Object Id Day Position Period
1 2019-10-01 a (1, 2019-10-04)
1 2019-10-02 a (1, 2019-10-04)
1 2019-10-03 a (1, 2019-10-04)
1 2019-10-04 b (1, 2019-10-05)
1 2019-10-05 a (1, 9999-12-31)
2 2019-10-01 c (2, 2019-10-04)
2 2019-10-02 c (2, 2019-10-04)
2 2019-10-03 c (2, 2019-10-04)
2 2019-10-04 d (2, 9999-12-31)
2 2019-10-05 d (2, 9999-12-31)

To solve our migration problem, we must now compute this next date with position change. It is done in 2 steps. First, we use the lag window function to compute for each row whether an object has changed position or not: a position for an object has changed if the previous position is different from the current position. We create the view object_position_with_change_detection to augment the source table with the change information.

1
2
3
4
5
6
7
8
create view object_position_with_change_detection as
select object_id as object_id,
       day       as day,
       position  as position,
       coalesce(lag(position) over (partition by object_id order by day), '')
           != position
                 as has_changed
from object_position;

The view object_position_with_change_detection contains the following data (the previous position is included to illustrate the change detection).

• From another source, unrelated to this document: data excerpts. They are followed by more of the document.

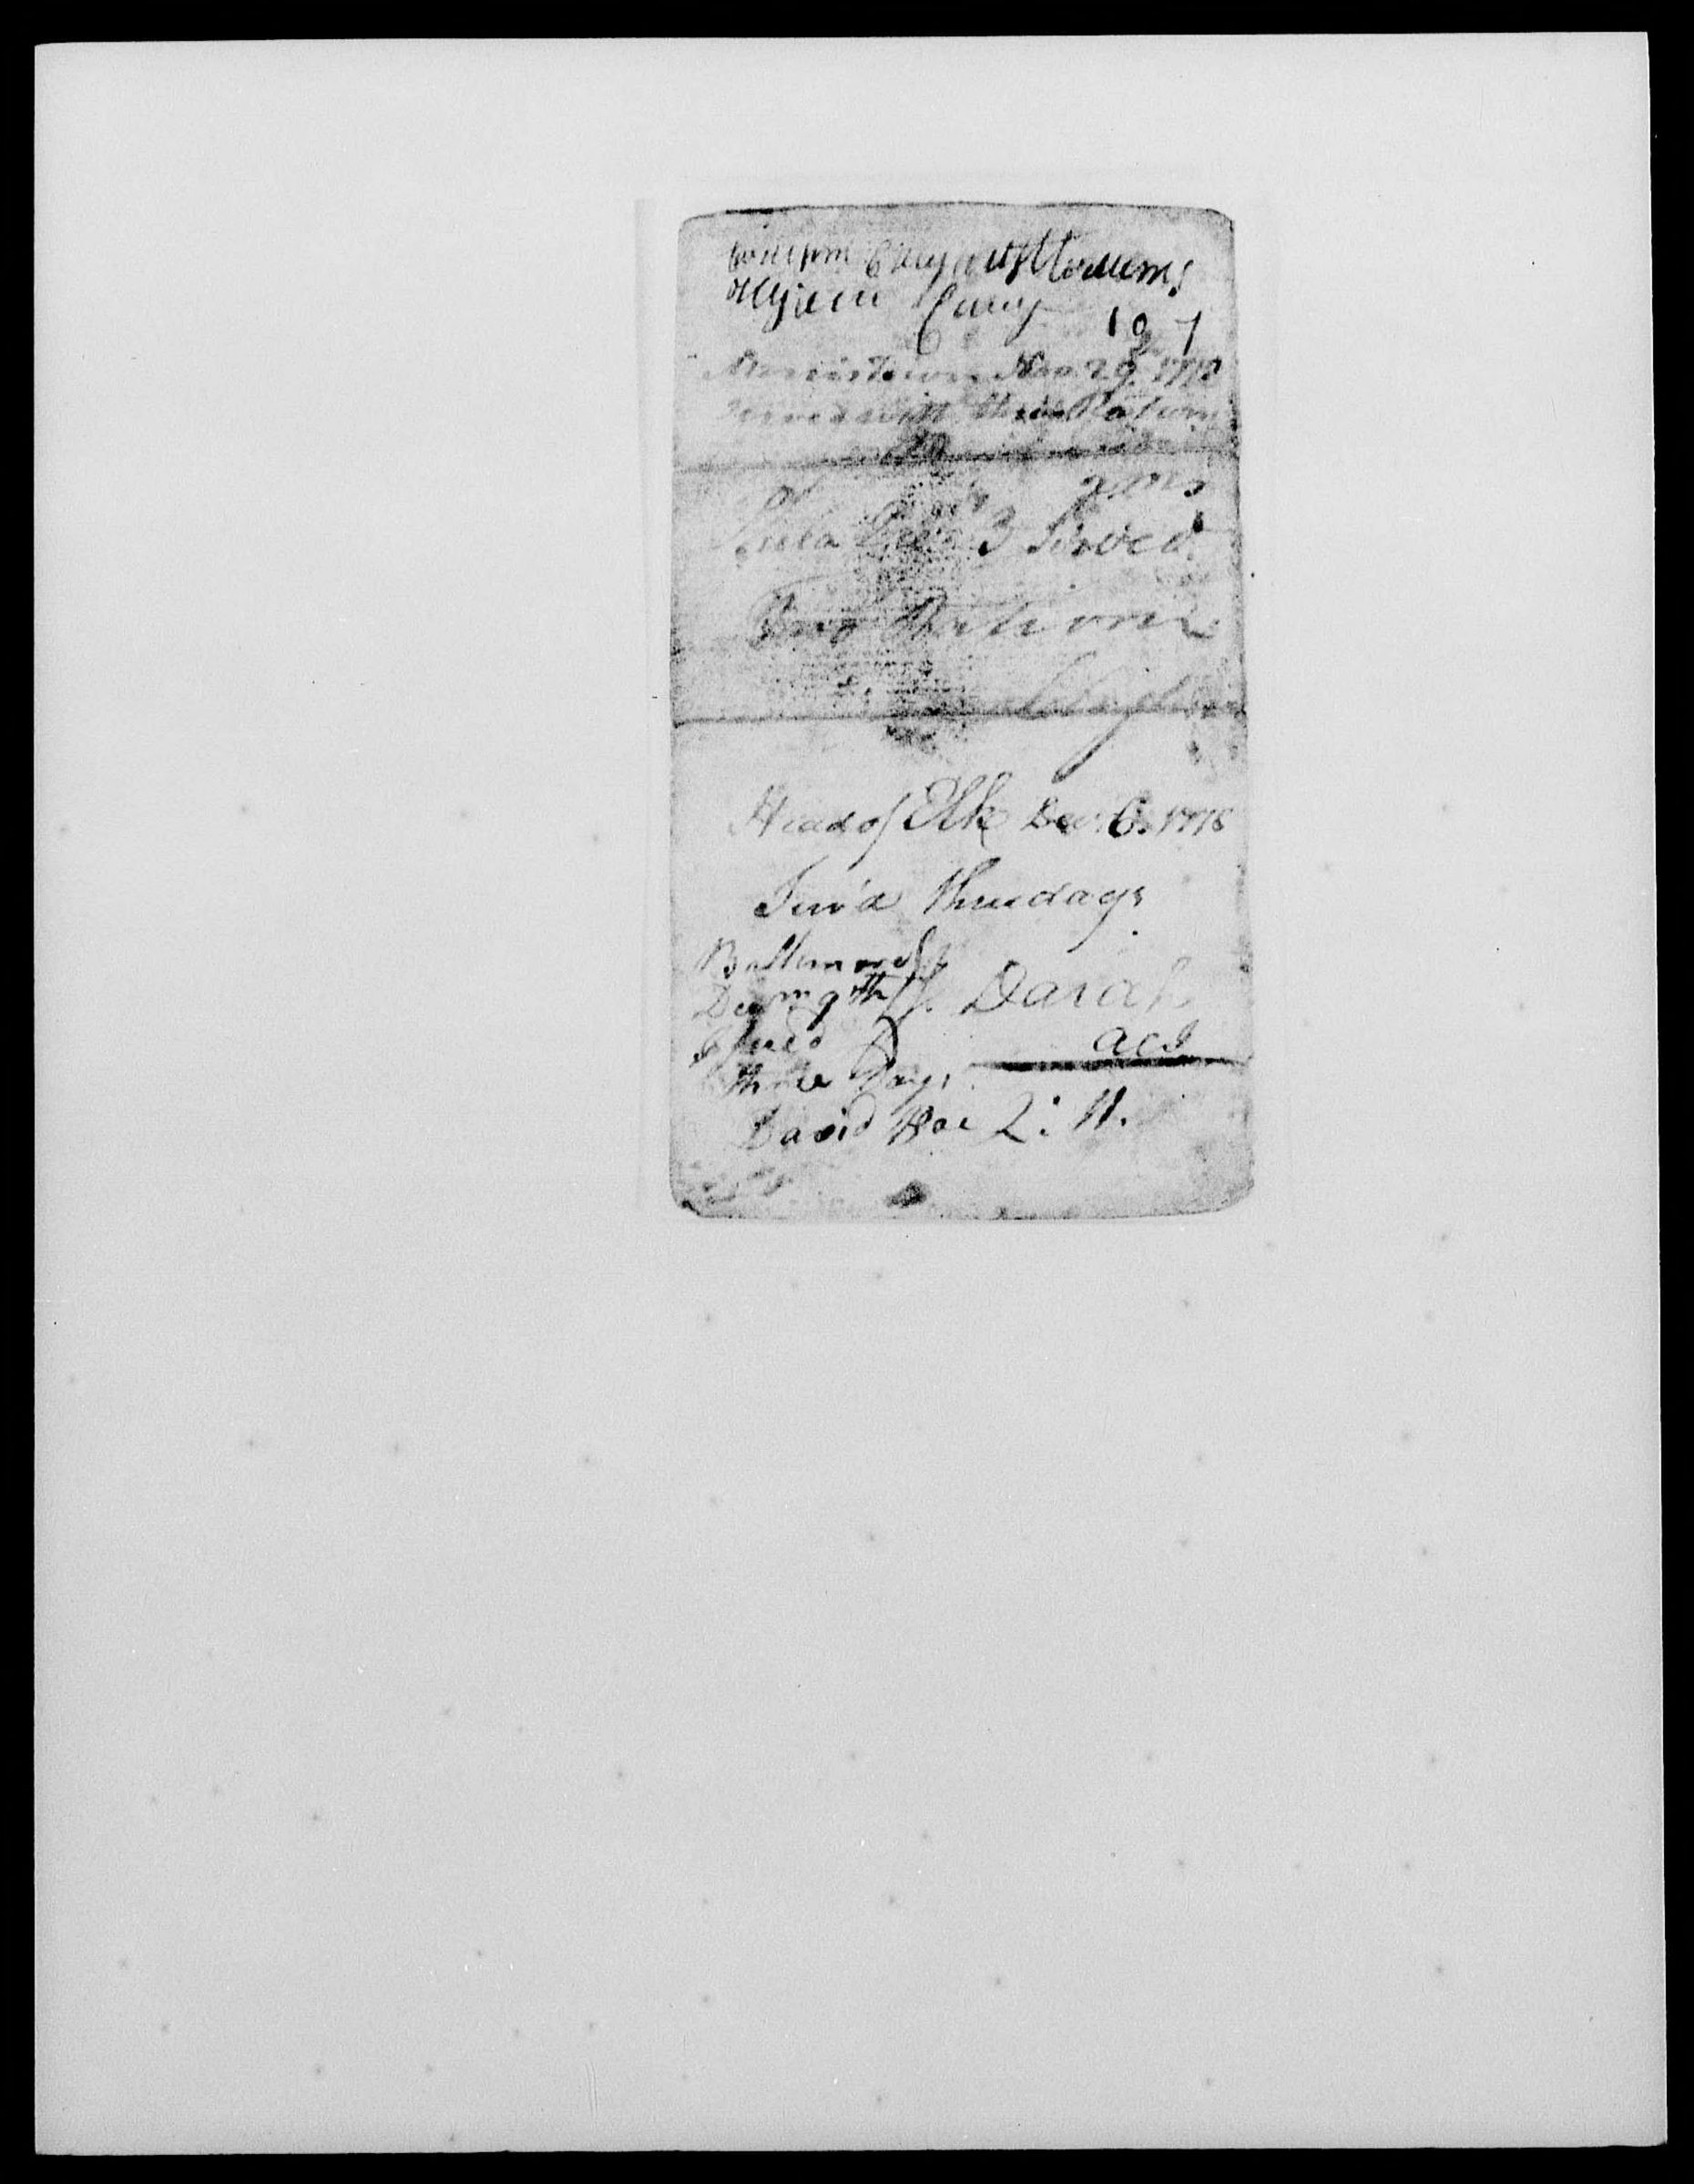[This record image 16/50 appears to be from a slip of paper well worn over time. Several entries appear to be in different handwriting, in various shades of ink, at different dates.  This record appears to be a list showing various individuals' tallies indicating that they had provided rations, possibly to William Bugg.

[Visual analysis of the document's edges and appearance, seem to indicate this record image 16/50 is the opposite side of the record image 17/50.  That latter image 17/50 is a document showing that various Commissaries in the U.S. states located between New York and North Carolina, were requested to "furnish the Bearer hereof William Bugg with his Rations he having served the Service [or Same] for which he Inlisted and is on his way home..."  

[The record on this image 16/50 appears to show an accounting by various people over different dates, of rations provided to William Bugg on his journey home after the Revolutionary War, from New York to North Carolina.  Few specifics can be clearly read at this time in this well-worn document, but here is what can be discerned now:]

[Possibly?] William Crig [or possibly Creg or Cary or Casy] at [illegible] towns NY [illegible] 10 7

[Here in a different handwriting, in lighter ink] Morris Town Nov. 29.  [The year is hard to read, but appears to be] 1772
Served with the [? "said"] Rations 
[Here most of the next handwritten line is well worn and difficult to read, possibly having been on a fold in the paper.]

[Next follows a two lines of a larger light ink inscription, much of it illegible, but "3 Served" appears partway. Then, below what clearly appears to be a fold in the paper, there is this in a different handwriting, in a different shade of ink:]

Head of Elk Dec: [or Decr] 6. 1778
Serv'd [here the next words appear to read] three days 
Ballence of
Decm [or Decr] 9th  [To the right of that, there appears to be a larger inscription, perhaps reading?] Lt Darah
Act [with a line underneath, perhaps meaning account] I Sered [perhaps meaning Served] Three Days. 
[Two illegible two words] 2:11.

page: 16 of 50
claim: widow's
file: W. 898, William Bugg, N.C.

Object Id Day Position Previous Has changed?
1 2019-10-01 a true
1 2019-10-02 a a false
1 2019-10-03 a a false
1 2019-10-04 b a true
1 2019-10-05 a b true
2 2019-10-01 c true
2 2019-10-02 c c false
2 2019-10-03 c c false
2 2019-10-04 d c true
2 2019-10-05 d d false

Based on the view object_position_with_change_detection, we can now compute the next date with position change via the following SQL expression.

1
2
3
4
5
min(day)
	filter (where has_changed)
	over
		(partition by object_id order by day
		rows between current row and unbounded following exclude current row)

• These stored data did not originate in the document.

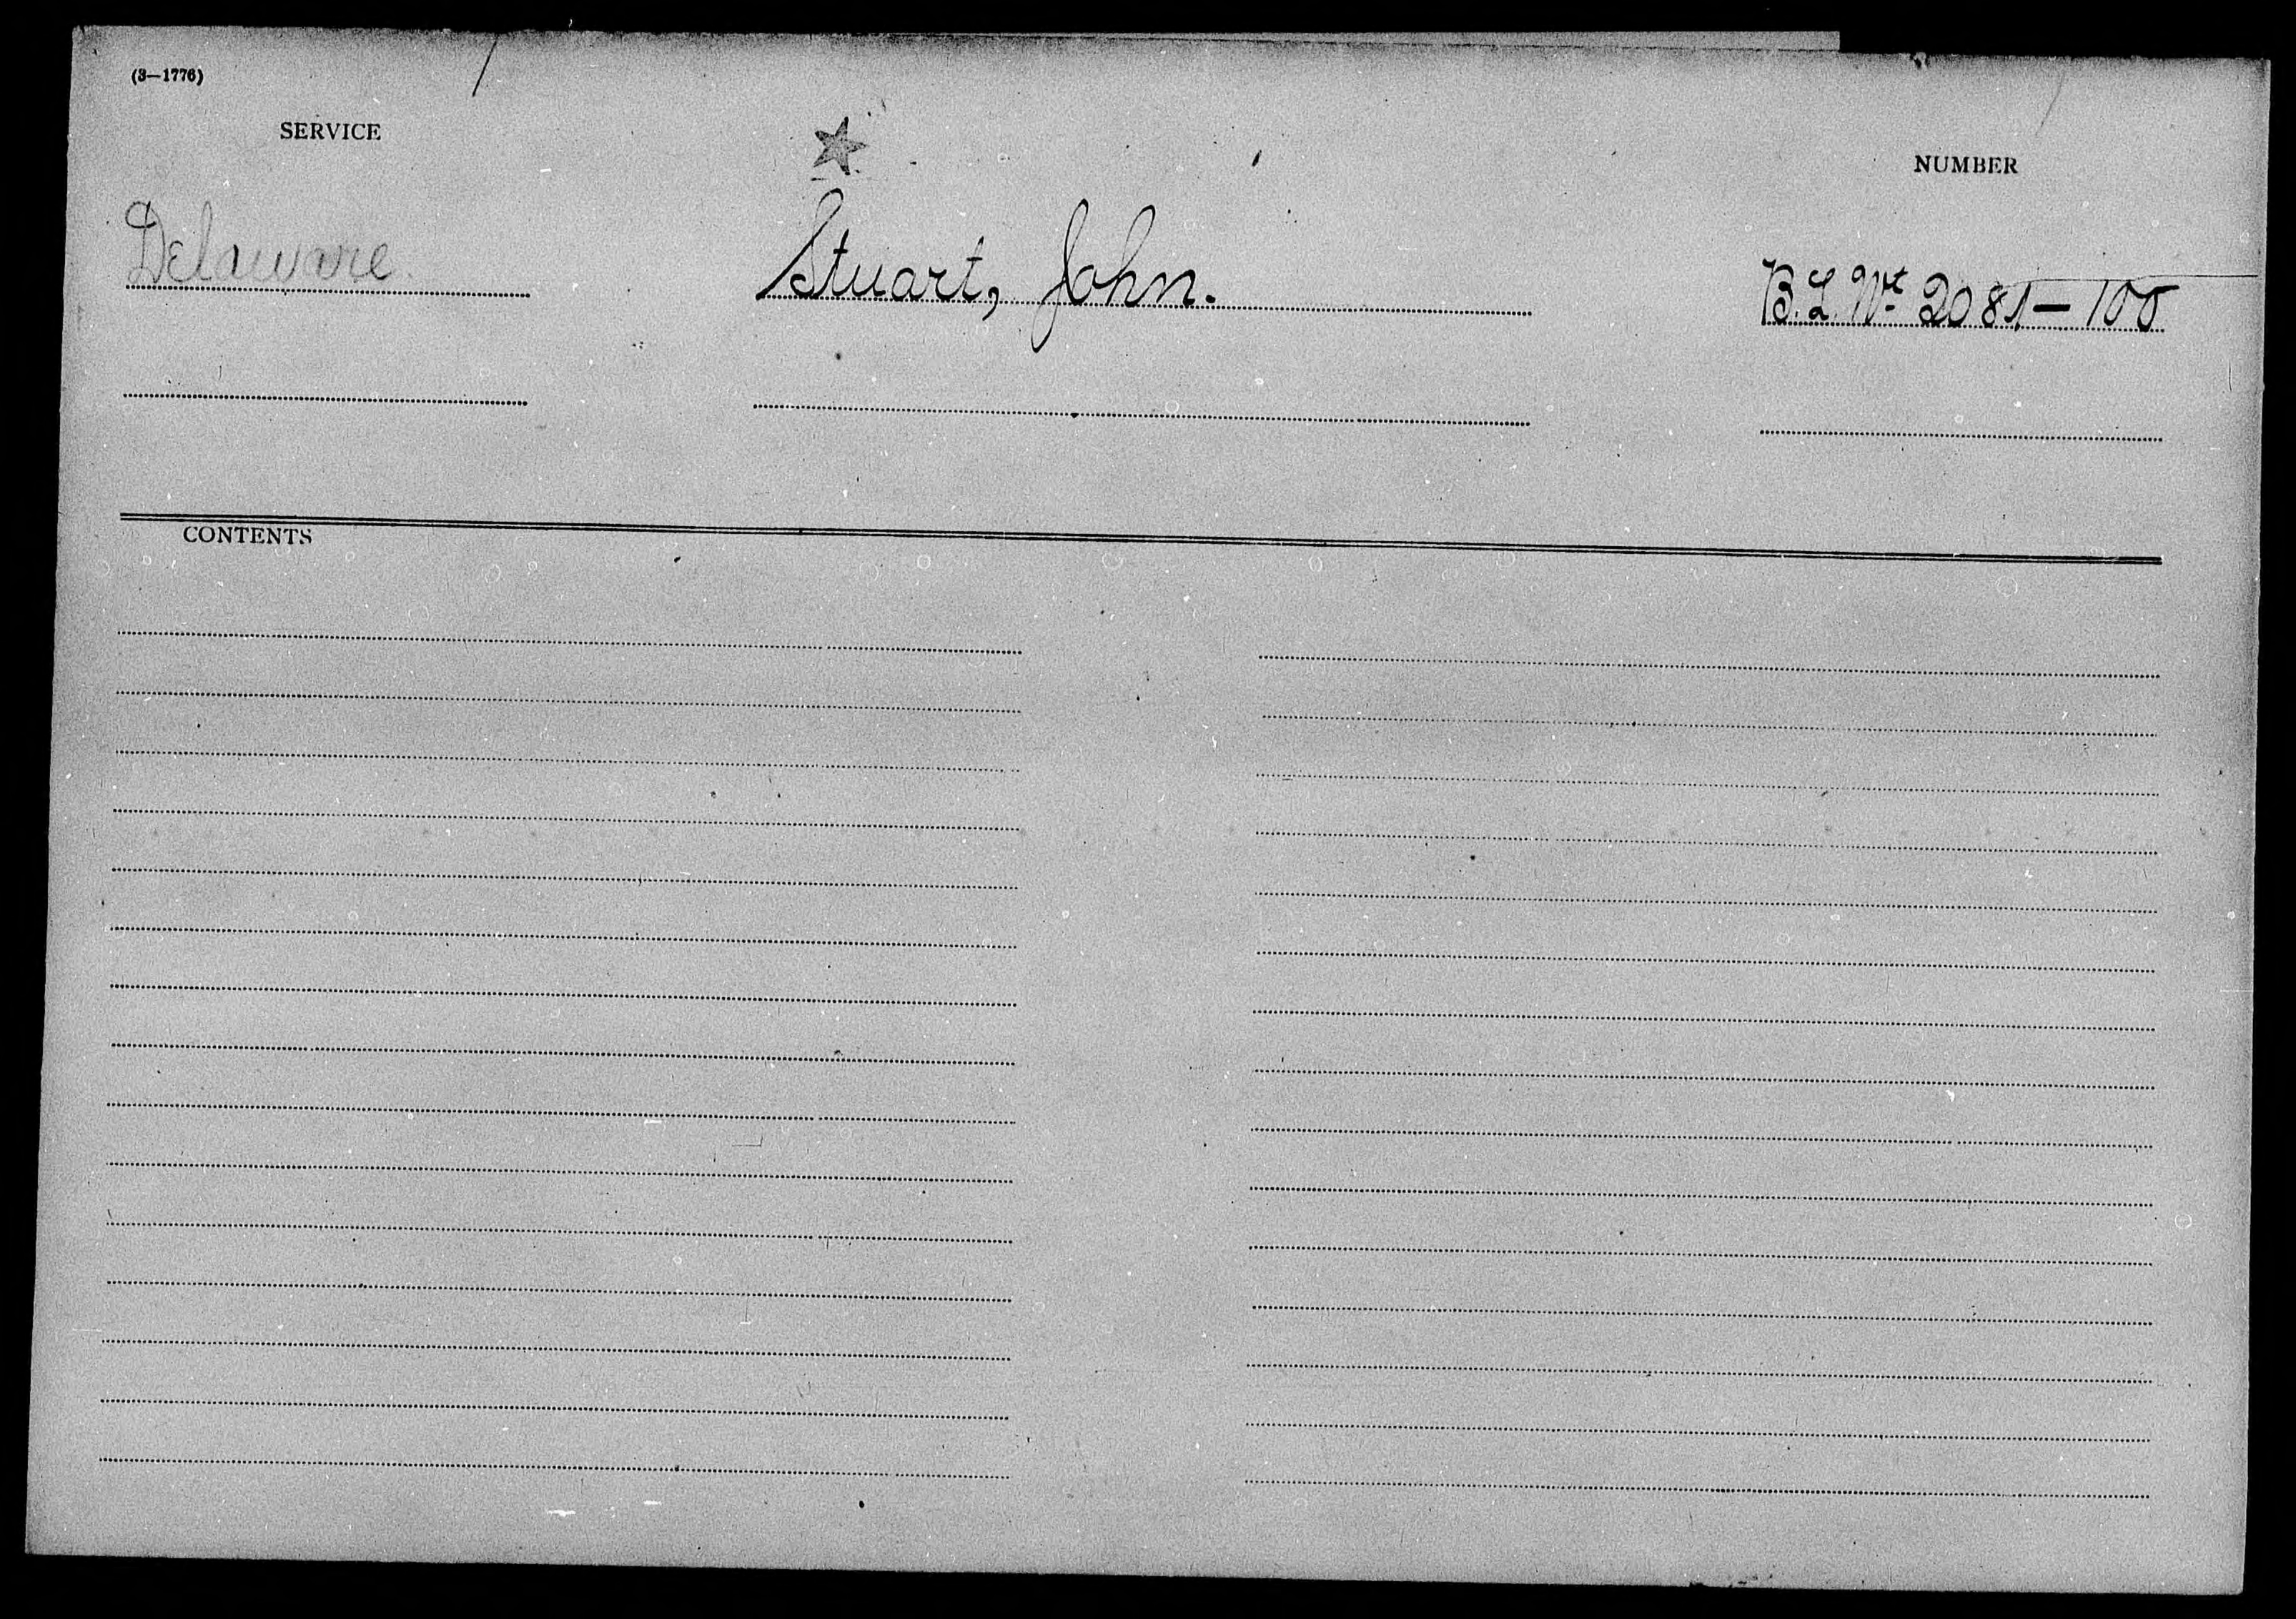(3-1776)

SERVICE
Delaware

Stuart, John.

NUMBER
B.L. Wt. 2081-100

CONTENTS
[blank]

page: 1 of 9
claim: bounty land warrant
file: B. L. Wt. 2081-100, for John Stuart, Delaware

It is a complicated window function expression and we analyse it bit by bit. First, on the line 4, we state that we compute for each object separately and that we consider the rows ordered by day. Secondly, on line 5, we state that, for each row, the frame (i.e. rows that are considered for the computation) are only the rows that comes after it. Thirdly, via the filter clause of line 2, we filter the frame to include only rows that have a position change. Of the rows that are left, we need the smallest date; we select it by using the min function. For instance, for the 3 first rows of the previous table, the set of rows in the frame consists of the 4th and 5th rows and the smallest date is the 2019-10-04. Similarly, for the 4th row, the set of rows in the frame consists only of the 5th row and the smallest date is the 2019-10-05. Note that the SQL expression yields NULL if there are no rows in the frame. We need to use the function coalesce to complete the expression.

The view object_position_with_change_date use the previous expression to compute the next date with position change.

 1
 2
 3
 4
 5
 6
 7
 8
 9
10
11
12
13
create view object_position_with_change_date as
select object_id as object_id,
       day       as day,
       position  as position,
       coalesce(
           min(day)
               filter (where has_changed)
               over
               (partition by object_id order by day
               rows between current row and unbounded following exclude current row),
           '9999-12-31'
       )     	 as change_date
from object_position_with_change_detection;

Finally, we can write the query for the migration of the data. It is simply the aggregation over the object ids and change dates. We can check that all periods have been correctly computed with the equality min(position) = max(position).

1
2
3
4
5
6
7
8
select object_id                     as object_id,
       min(day)                      as valid_from,
       max(day)                      as valid_to,
       min(position)                 as position,
       min(position) = max(position) as is_valid
from object_position_with_change_date
group by object_id, change_date
order by object_id, valid_from;

Using this query, our customer was able to migrate the 8.5 millions of rows of the table with the original representation in approximately 15 minutes. The table with the new representation contains around 400'000 rows which is 20 times smaller.


¹The examples in this article work with PostgreSQL 11 and later.